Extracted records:
····················

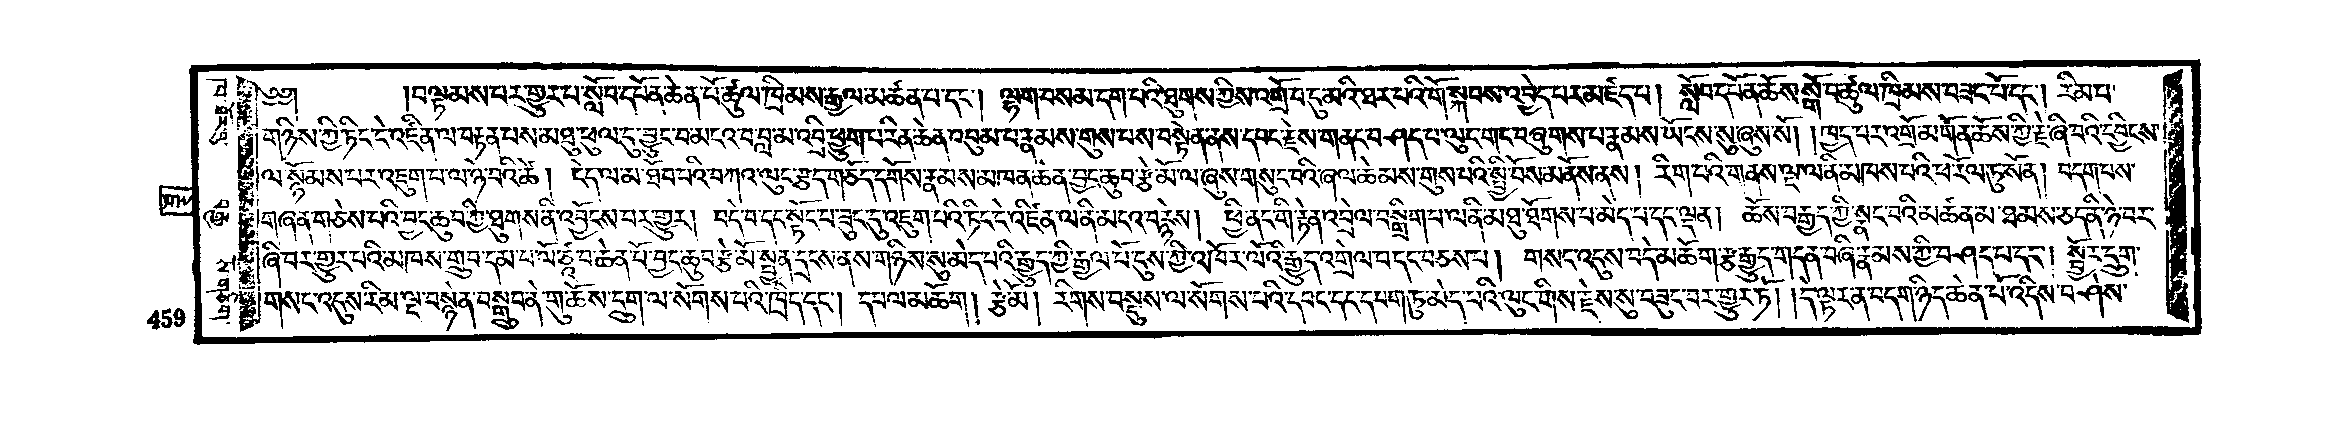༄༅། །བལྟམས་པར་གྱུར་པ་སློབ་དཔོན་ཆེན་པོ་ཚུལ་ཁྲིམས་རྒྱལ་མཚན་པ་དང་། ལྷག་བསམ་དག་པའི་ཐུགས་ཀྱིས་འགྲོ་བ་དུ་མའི་ཐར་པའི་གོ་སྐབས་འབྱེད་པར་མཛད་པ། སློབ་དཔོན་ཆོས་སྒོ་བ་ཚུལ་ཁྲིམས་བཟང་པོ་དང་། རིམ་པ་
གཉིས་ཀྱི་ཏིང་ངེ་འཛིན་ལ་བརྟེན་པས་མཐུ་ཕུལ་དུ་བྱུང་བ་མངའ་བ་བླ་མ་འབྲི་ཕྱུག་པ་རིན་ཆེན་འབུམ་པ་རྣམས་གུས་པས་བསྟེན་ནས་དབང་རྗེས་གནང་བཤད་པ་ལུང་གང་བཞུགས་པ་རྣམས་ཡོངས་སུ་ཞུས་སོ། །ཁྱད་པར་འགྲོ་མགོན་ཆོས་ཀྱི་རྗེ་ཞི་བའི་དབྱིངས་
ལ་སྙོམས་པར་འཇུག་པ་ལ་ཉེ་བའི་ཚེ། ངེད་ལ་མ་ཐོབ་པའི་བཀའ་ལུང་རྩད་གཅོད་དགོས་རྣམས་མཁན་ཆེན་བྱང་ཆུབ་རྩེ་མོ་ལ་ཞུས་གསུང་བའི་ཞལ་ཆེམས་གུས་པའི་སྤྱི་བོས་མནོས་ནས། རིག་པའི་གནས་ལྔ་ལ་ནི་མཁས་པའི་ཕ་རོལ་ཏུ་སོན། བདག་པས་
གཞན་གཅེས་པའི་བྱང་ཆུབ་ཀྱི་ཐུགས་ནི་འབྱོངས་པར་གྱུར། བདེ་བ་དང་སྟོང་པ་ཟུང་དུ་འཇུག་པའི་ཏིང་ངེ་འཛིན་ལ་ནི་མངའ་བརྙེས། ཕྱི་ནང་གི་རྟེན་འབྲེལ་བསྒྲིག་པ་ལ་ནི་མཐུ་ཐོགས་པ་མེད་པ་དང་ལྡན། ཆོས་བརྒྱད་ཀྱི་སྣང་བའི་མཚན་མ་ཐམས་ཅད་ནི་ཉེ་བར་
ཞི་བར་གྱུར་པའི་མཁས་གྲུབ་དམ་པ་ལོ་ཙཱ་བ་ཆེན་པོ་བྱང་ཆུབ་རྩེ་མོ་སྤྱན་དྲངས་ནས་གཉིས་སུ་མེད་པའི་རྒྱུད་ཀྱི་རྒྱལ་པོ་དུས་ཀྱི་འཁོར་ལོའི་རྒྱུད་འགྲེལ་པ་དང་བཅས་པ། གསང་འདུས་བདེ་མཆོག་རྩ་རྒྱུད་གདན་བཞི་རྣམས་ཀྱི་བཤད་པ་དང་། སྦྱོར་དྲུག་
གསང་འདུས་རིམ་ལྔ་བསྙེན་བསྒྲུབ་ནེ་གུ་ཆོས་དྲུག་ལ་སོགས་པའི་ཁྲིད་དང་། དཔལ་མཆོག །རྩེ་མོ། རིགས་བསྡུས་ལ་སོགས་པའི་དབང་དང་དཔག་ཏུ་མེད་པའི་ལུང་གིས་རྗེས་སུ་བཟུང་བར་གྱུར་ཏོ། །དེ་ལྟར་ན་བདག་ཉིད་ཆེན་པོ་འདིས་བཤེས་

····················

WHAT TO PRODUCE – Please output only the lines from the one holding "གཉིས་ཀྱི་ཏིང་ང" to the end of the records, first and last included, exactly as they appear.

WRITTEN REPLY –
གཉིས་ཀྱི་ཏིང་ངེ་འཛིན་ལ་བརྟེན་པས་མཐུ་ཕུལ་དུ་བྱུང་བ་མངའ་བ་བླ་མ་འབྲི་ཕྱུག་པ་རིན་ཆེན་འབུམ་པ་རྣམས་གུས་པས་བསྟེན་ནས་དབང་རྗེས་གནང་བཤད་པ་ལུང་གང་བཞུགས་པ་རྣམས་ཡོངས་སུ་ཞུས་སོ། །ཁྱད་པར་འགྲོ་མགོན་ཆོས་ཀྱི་རྗེ་ཞི་བའི་དབྱིངས་
ལ་སྙོམས་པར་འཇུག་པ་ལ་ཉེ་བའི་ཚེ། ངེད་ལ་མ་ཐོབ་པའི་བཀའ་ལུང་རྩད་གཅོད་དགོས་རྣམས་མཁན་ཆེན་བྱང་ཆུབ་རྩེ་མོ་ལ་ཞུས་གསུང་བའི་ཞལ་ཆེམས་གུས་པའི་སྤྱི་བོས་མནོས་ནས། རིག་པའི་གནས་ལྔ་ལ་ནི་མཁས་པའི་ཕ་རོལ་ཏུ་སོན། བདག་པས་
གཞན་གཅེས་པའི་བྱང་ཆུབ་ཀྱི་ཐུགས་ནི་འབྱོངས་པར་གྱུར། བདེ་བ་དང་སྟོང་པ་ཟུང་དུ་འཇུག་པའི་ཏིང་ངེ་འཛིན་ལ་ནི་མངའ་བརྙེས། ཕྱི་ནང་གི་རྟེན་འབྲེལ་བསྒྲིག་པ་ལ་ནི་མཐུ་ཐོགས་པ་མེད་པ་དང་ལྡན། ཆོས་བརྒྱད་ཀྱི་སྣང་བའི་མཚན་མ་ཐམས་ཅད་ནི་ཉེ་བར་
ཞི་བར་གྱུར་པའི་མཁས་གྲུབ་དམ་པ་ལོ་ཙཱ་བ་ཆེན་པོ་བྱང་ཆུབ་རྩེ་མོ་སྤྱན་དྲངས་ནས་གཉིས་སུ་མེད་པའི་རྒྱུད་ཀྱི་རྒྱལ་པོ་དུས་ཀྱི་འཁོར་ལོའི་རྒྱུད་འགྲེལ་པ་དང་བཅས་པ། གསང་འདུས་བདེ་མཆོག་རྩ་རྒྱུད་གདན་བཞི་རྣམས་ཀྱི་བཤད་པ་དང་། སྦྱོར་དྲུག་
གསང་འདུས་རིམ་ལྔ་བསྙེན་བསྒྲུབ་ནེ་གུ་ཆོས་དྲུག་ལ་སོགས་པའི་ཁྲིད་དང་། དཔལ་མཆོག །རྩེ་མོ། རིགས་བསྡུས་ལ་སོགས་པའི་དབང་དང་དཔག་ཏུ་མེད་པའི་ལུང་གིས་རྗེས་སུ་བཟུང་བར་གྱུར་ཏོ། །དེ་ལྟར་ན་བདག་ཉིད་ཆེན་པོ་འདིས་བཤེས་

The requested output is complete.